The film opens as a pretentious married couple (Tracy Letts and Julie Delpy) adopts the dog for their young, sickly son. After the dog ingests a chocolate granola bar and nearly dies, it’s saved from euthanasia by a dowdy veterinarian’s assistant (Greta Gerwig, embodying “Welcome to Dollhouse” heroine Dawn Wiener), who embarks on a bizarre cross-country odyssey with an old high school classmate (Kieran Culkin).

The dog becomes more of a supporting player in the film’s two closing chapters, which involve (respectively) a frustrated screenwriting professor (Danny DeVito) and an ailing woman (Ellen Burstyn) who’s visited by her moneygrubbing granddaughter (Zosia Mamet).

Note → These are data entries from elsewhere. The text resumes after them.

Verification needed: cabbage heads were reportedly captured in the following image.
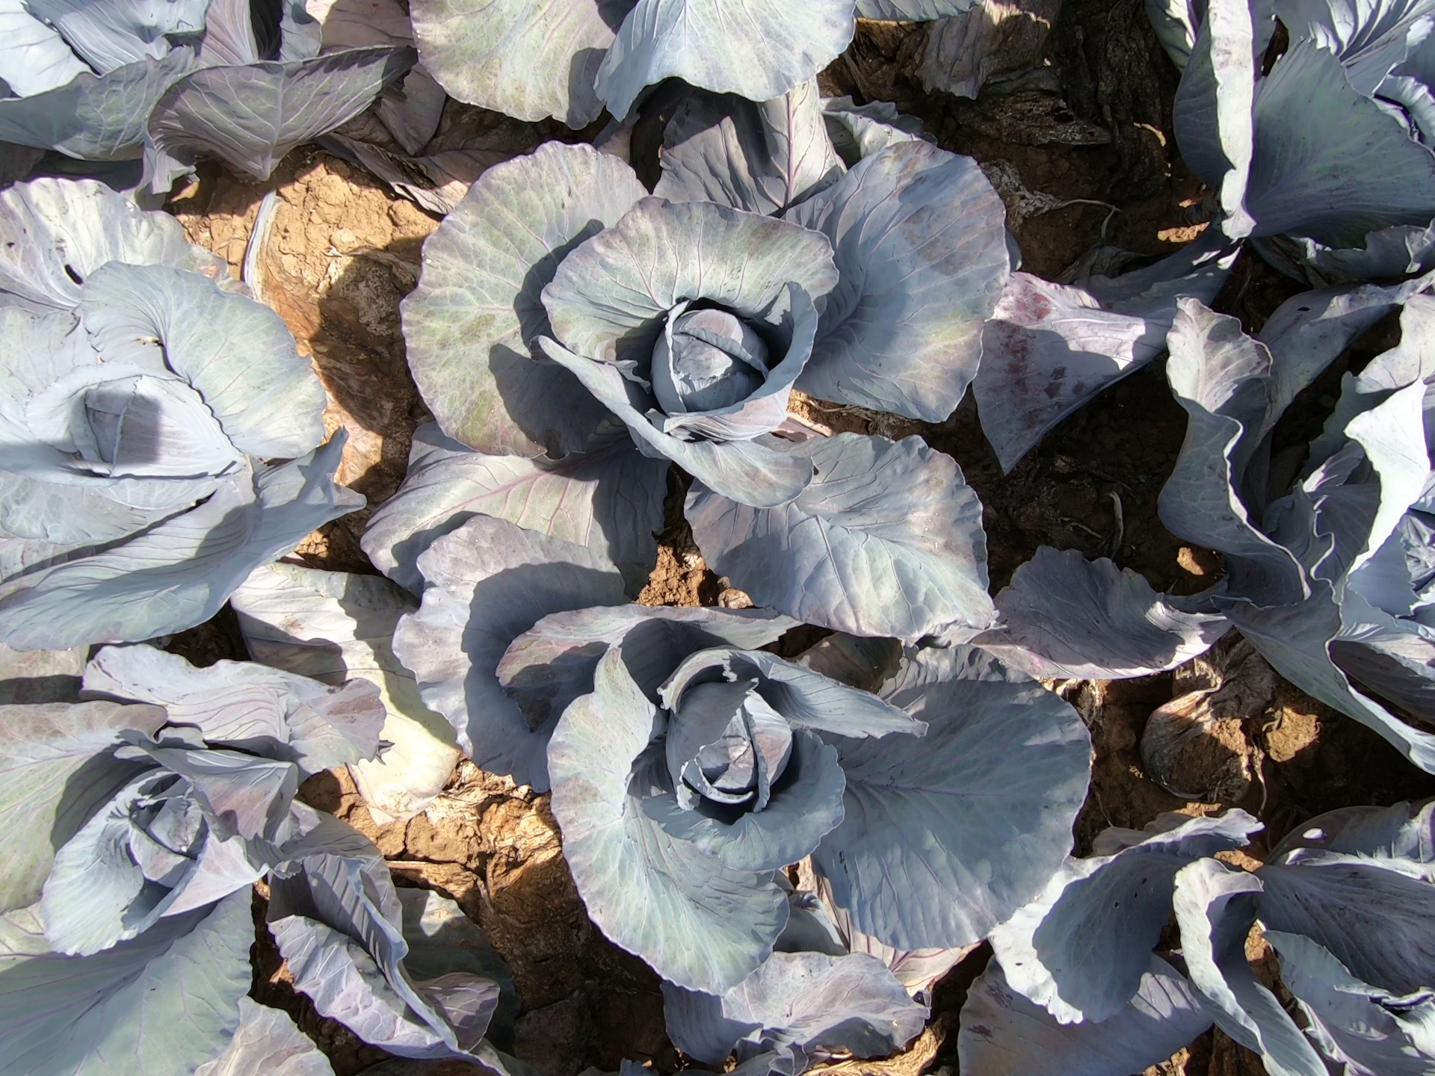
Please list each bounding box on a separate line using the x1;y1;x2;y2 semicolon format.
137;764;258;891
672;684;794;800
55;1;213;97
1273;484;1433;632
656;310;772;424
69;376;226;494
1291;78;1423;194
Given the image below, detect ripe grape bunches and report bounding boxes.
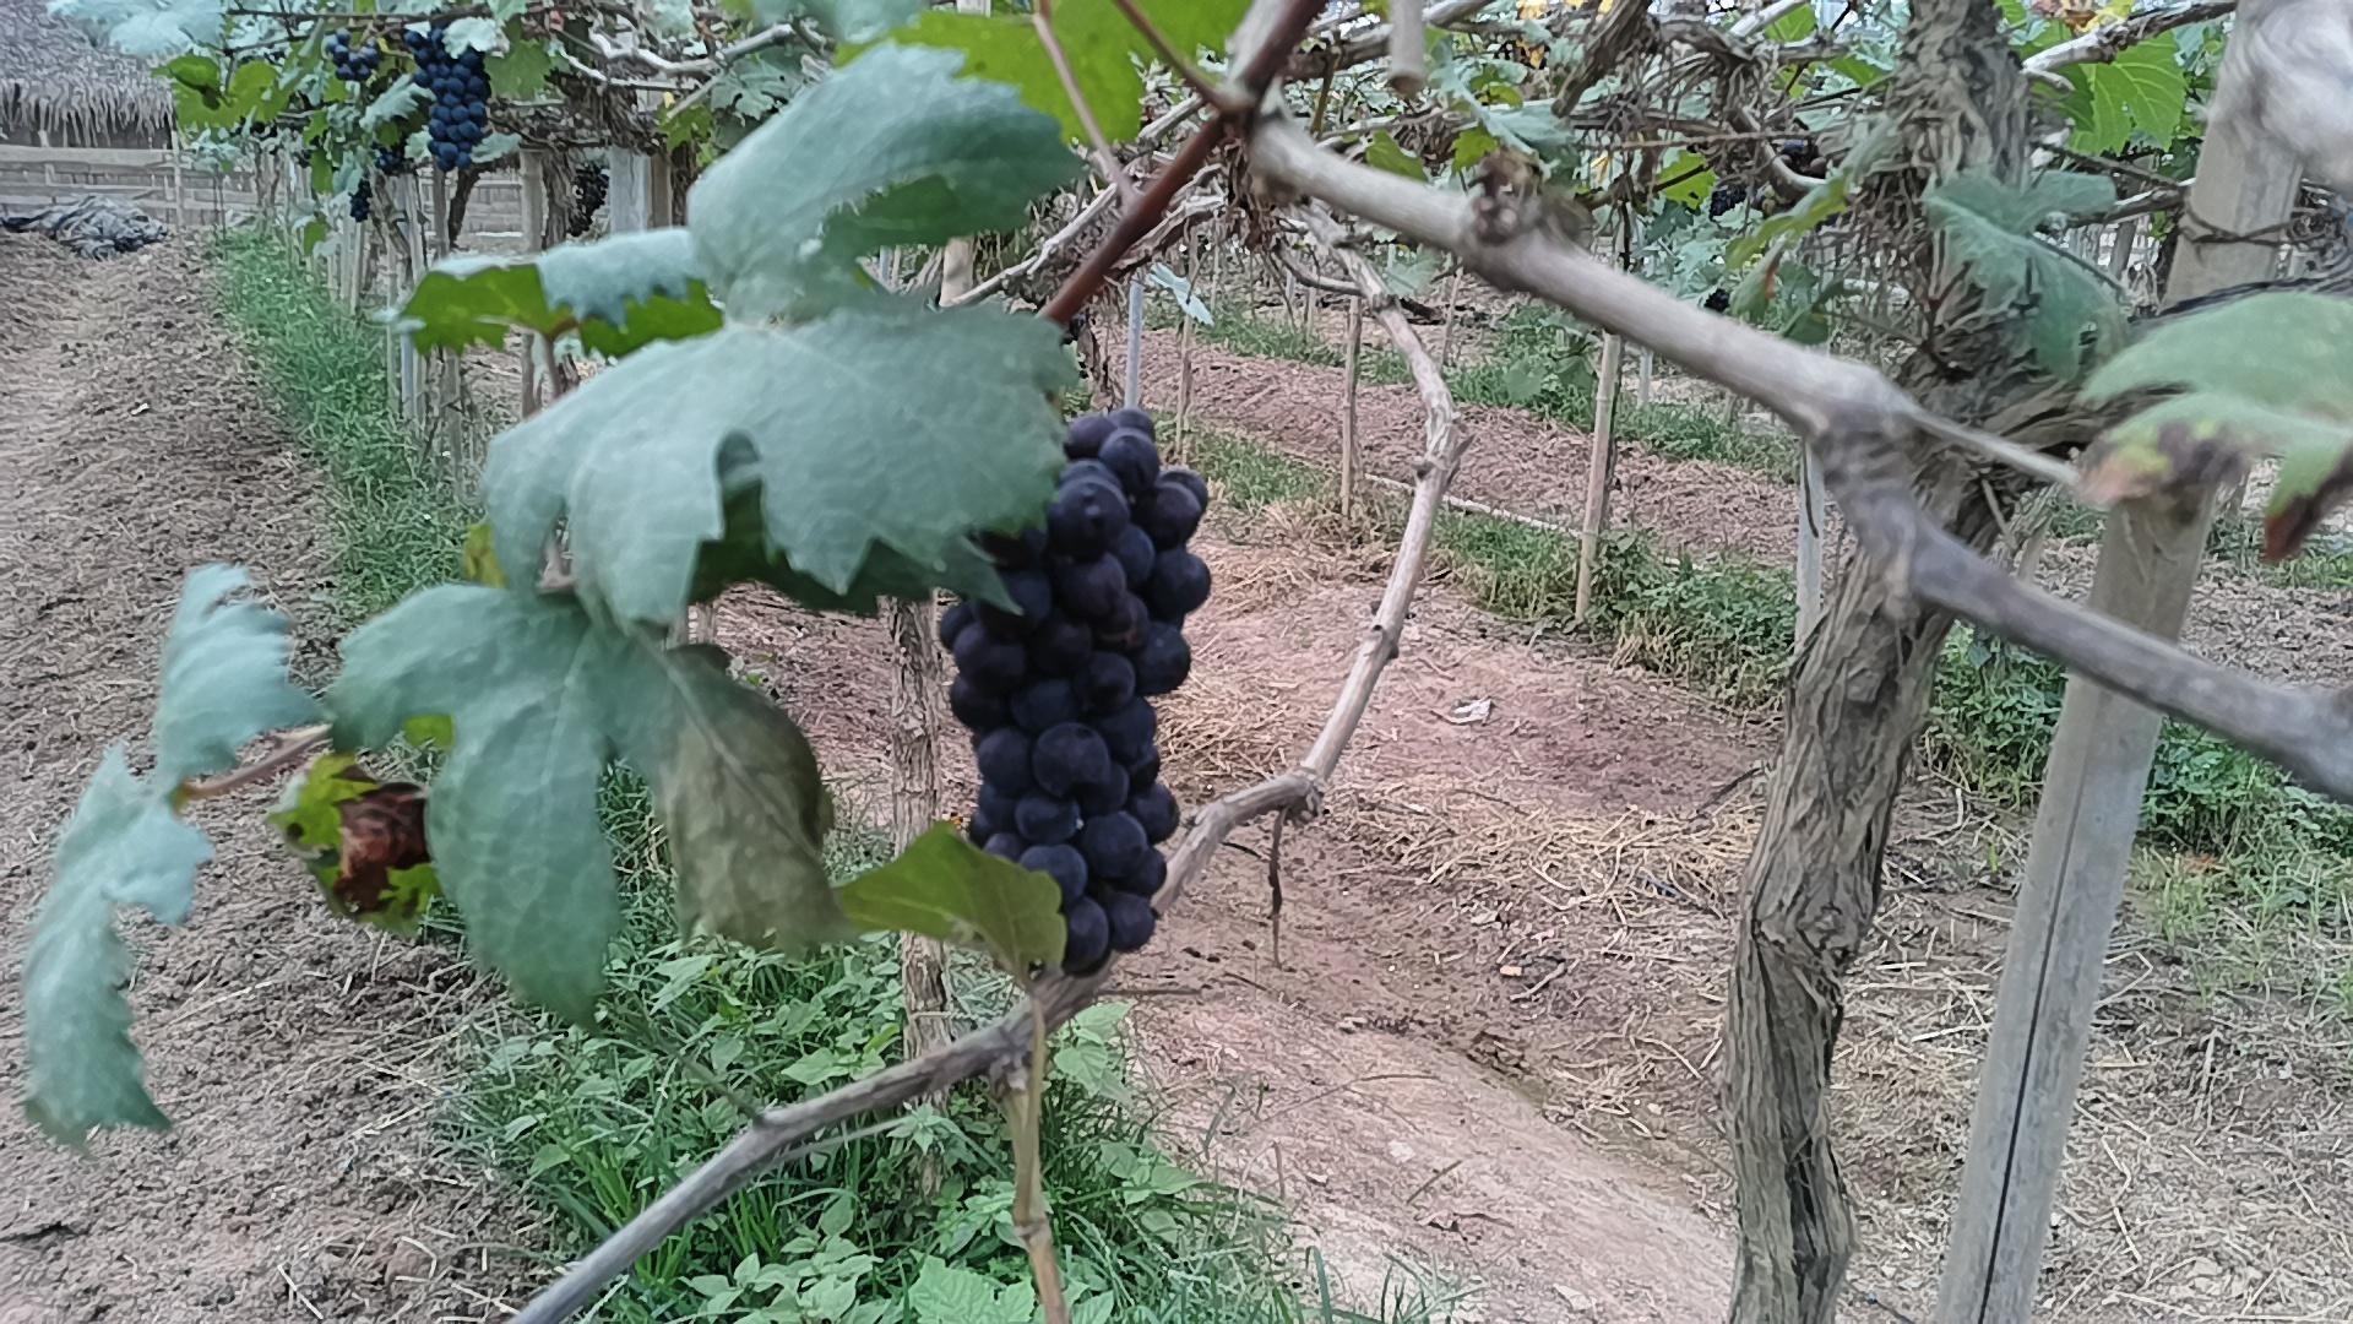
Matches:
[373,131,417,175]
[939,408,1208,970]
[327,31,384,82]
[403,22,489,175]
[349,179,373,222]

Each of these four segments contains a few glimmering moments of humor and empathy, but none of them ever quite take off as standalone entities: Right when they’re about to hit their stride, Solondz moves on to the next scene. And despite its bizarre construction, “Wiener-Dog” doesn’t possess the structural audacity of Solondz’s “Palindromes,” which cast eight different actors as one character, or “Storytelling,” similarly episodic but far more daring.

Considering the subject matter of Solondz’s earlier films – pedophilia, obscene phone callers, abortion, racism, the Holocaust, children with disabilities, murder and suicide – “Wiener-Dog” is a walk in the park for much of its running time. That’s not to say Solondz strays from potentially upsetting material: Some of the issues he considers here, mostly in passing, include juvenile cancer, alcoholism, heroin addiction, immigration, Down’s syndrome and the crushing banality of death.

But in the end, things turn truly ugly, and the audience turned with it. I wondered with sympathy how many members of the SIFF crowd were unfamiliar with Solondz’s work, lured in by the presence of a cute dog and blindsided by its glum consideration of human nature.

For those who are familiar with Solondz, his glowering pessimism is starting to feel a bit one-note. In his ever-expanding library of grotesques, that sweet, doting canine, which becomes the casualty of the narcissism and shortsightedness of its owners, is one of the writer-director’s more pitiable creations. In that respect, “Wiener-Dog” may be the most sneakily nihilistic film Solondz has ever made: If such a pure, sweet creature can’t find solace in this world, then what hope do the rest of us have?